Odious Comparisons

While deeply embedded in Paris I awoke from a strenuous post-lunch nap and wondered if we humans had a more than nominal connection to the universe. It was as if the gods had decided to burn a giant question mark on my mental lawn. “Wherefore art thou, Jimmy?” I asked myself. Modern man is always at the crossroads when he should be doing something sensible like floating in a boat on a river. The Seine just down the street didn’t present an immediate possibility so I had a hasty cup of coffee and turned to the alternative that God has always led me to in a lifetime of bitter conundrums. Wine. Yes, gentle reader, wine. When troubled, just have a glass of wine. The truest thing Ernest Hemingway ever said was “Good is what you feel good after.”

However, a large step away from the delicious world of sensation is the world of criticism. Whether you are drinking wine or reading a book, quizzical man who has no particular idea why he is alive will ask himself if the wine he is drinking or the book he is reading is any good. Here I must present my trump card rather than waiting for the questionable timing of conclusions. I recently read a fine book by Lawrence Osborne, The Accidental Connoisseur: An Irreverent Journey Through the Wine World, wherein he quotes the garagiste Pierre Siri as saying, “You can’t really describe wine, you can only remember it,” to which I would add, you can’t really describe literature, you can only experience it.

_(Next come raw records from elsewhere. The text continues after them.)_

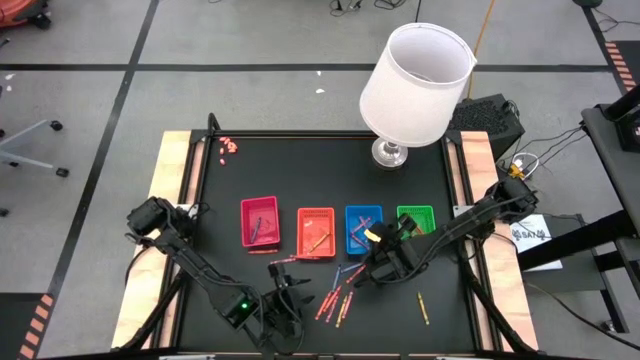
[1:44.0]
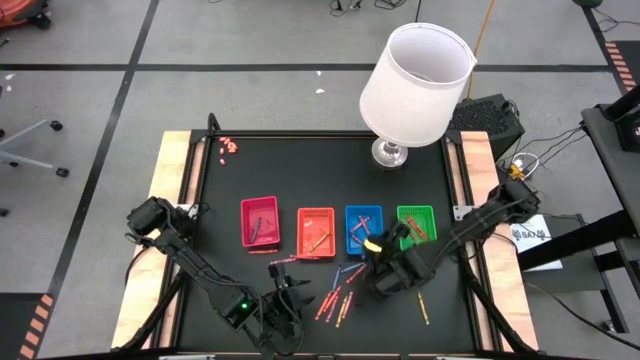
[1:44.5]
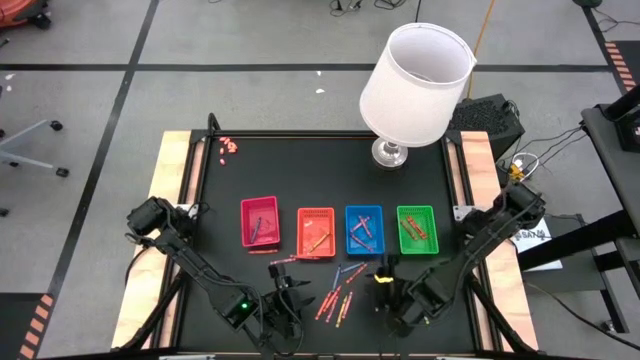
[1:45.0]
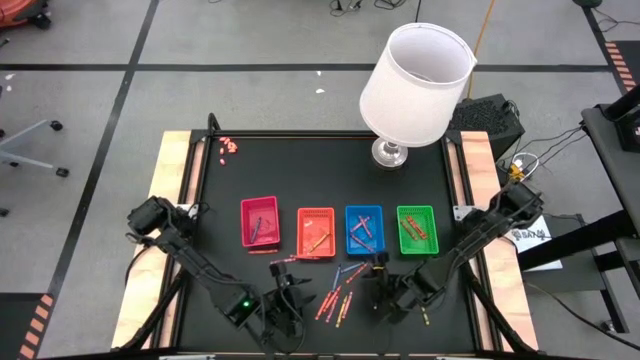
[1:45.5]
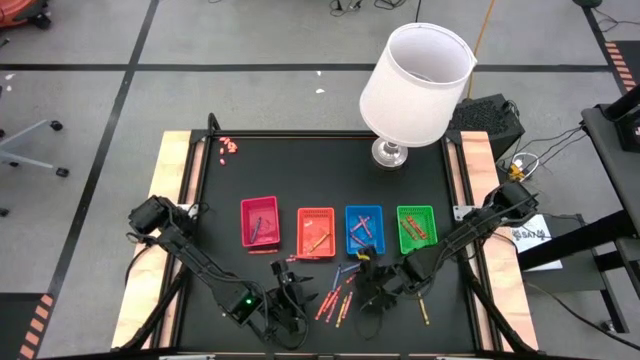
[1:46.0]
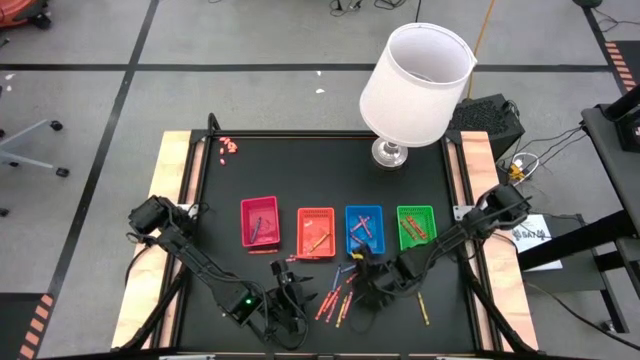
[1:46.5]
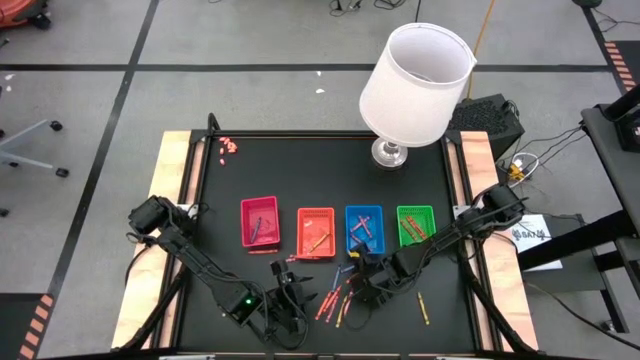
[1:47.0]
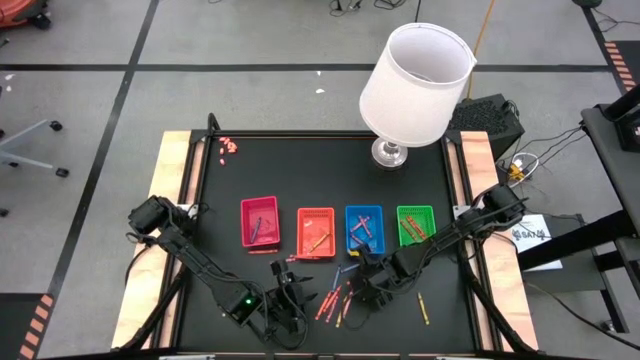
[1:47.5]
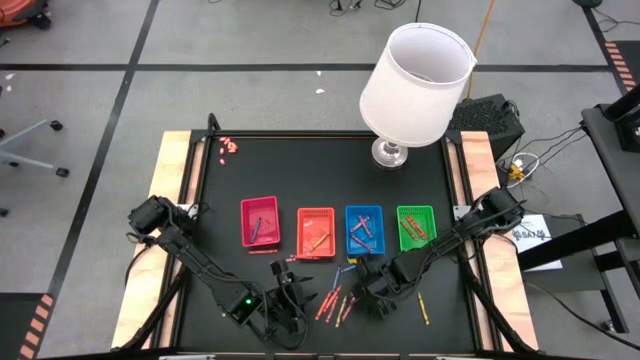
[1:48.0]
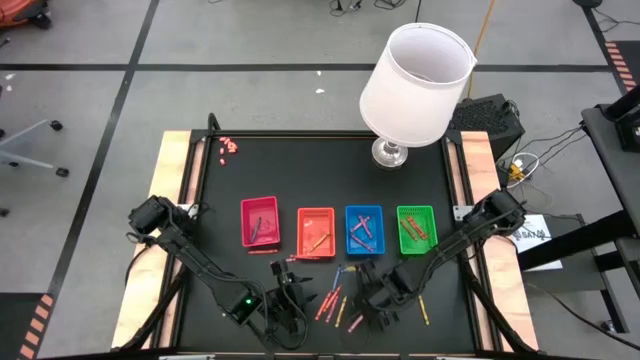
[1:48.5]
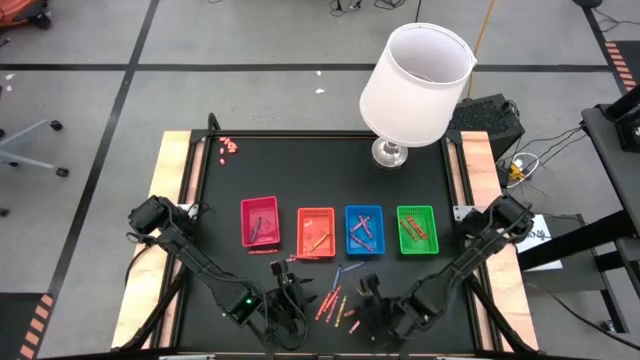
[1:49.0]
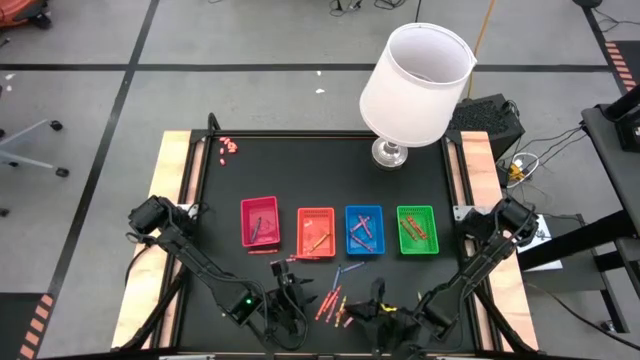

Now we are within the desperately familiar arena of human limitations. I recall that one night in Key West I read Knut Hamsun’s novella Victoria in a single sitting and actually sobbed when I put the slender volume down. The first glass of a truly great wine can be as vivid and palpable as sex and, in truth, quite as indescribable unless you wish to resort to “We fell back on great waves of nothingness.”

The existence of much wine and literary criticism seems to presume a stringent orthodoxy, the possibility that there is a perfect scorecard on which one may rate literature or wine, or weigh them on one of those precise gram scales so favored by cocaine dealers in the distant past. This bespeaks the immodesty of the critic, or the reductive capabilities of anyone who shrinks the world to fit into the briefcase of his wobbly ego.

Of course, one occasionally reads a literary or wine critic whose taste or palate is generally admirable. As I’ve often said, Ezra Pound limited his trust to anyone who had created a notable work. Perhaps this is a tad mean-minded. In literature in our time we’ve had Edmund Wilson, Randall Jarrell, and more recently George Steiner who sense an unnerving level of pomposity. I’m just the farmer, not the middleman or retailer. As the author of twenty-five books or so I’ve had hundreds of reviews, essays, even books, written on my work to which I pay minimal attention. The goose trying to lay golden eggs shouldn’t be using a mirror to look at its butt.

The human mind loves to posit absurdities. You can also easily bite off your own fingers, such is the dark power of the human mouth. But this is not to say that wine and literary criticism is without a specific value. This would be to doubt the necessity of plane or train schedules or those teachers who, however unpleasant, made us aware of the range of human mental activity. I recall my excitement on first reading Brillat-Savarin, Lichine and Parker, Edmund Wilson and George Steiner. It would be dumb of me not to check in with Gerald Asher, Frank Prial, Hugh Johnson, or Sven Birkerts. We just shouldn’t confuse educated comment with primary experience.

Meanwhile in Paris I missed the eclipse of the moon because I was inside Assiette Lulu drinking a St. Estèphe, a wine that causes moon dreams. I’m headed for an actual thirty-seven-course lunch in Burgundy with, naturally, at least fifteen wines. I wonder idly if a doctor will be in attendance. Life would be impossible without wine, fishing, and dogs.

On our long circular journey to this lunch which in the future should be an Olympic event we traveled south of Dijon and Beaune passing my beloved Clos de la Roche though I’ve never owned a bottle, only sponged on those whom God has given fat wallets. We stayed at the exquisite Villa Louise in Aloxe-Corton and dined at a roadhouse named La Regalade, a lovely simple supper of pâté, frogs’ legs, and sweetbreads drinking a Nuit-St.-Georges and a Vosne-Romanée. At dawn or a few hours thereafter we sped toward Marseille in order to have the excellent bouillabaisse at Michel’s. Next day Lulu Peyraud gave us an exquisite lunch at Domaine Tempier (urchins, a broth of coquillage, lamb leg done in the fireplace, pied paquets done Provençal style).

This little travelogue is offered for a single purpose. With good food and company the numerical absurdities become more so, a “90” wine becoming a “95” because wine doesn’t exist in the vacuum of charts but at the center of our lives. The professor who marked your essay 78 after a bad dinner may have given it a 91 after a good lunch. A book that is thought a classic in the western states is utterly ignored in Gotham’s verminish cement canyons. To rate either wine or literature as if we were scientists is frivolous. Both are in the humanities, not the sciences. More later.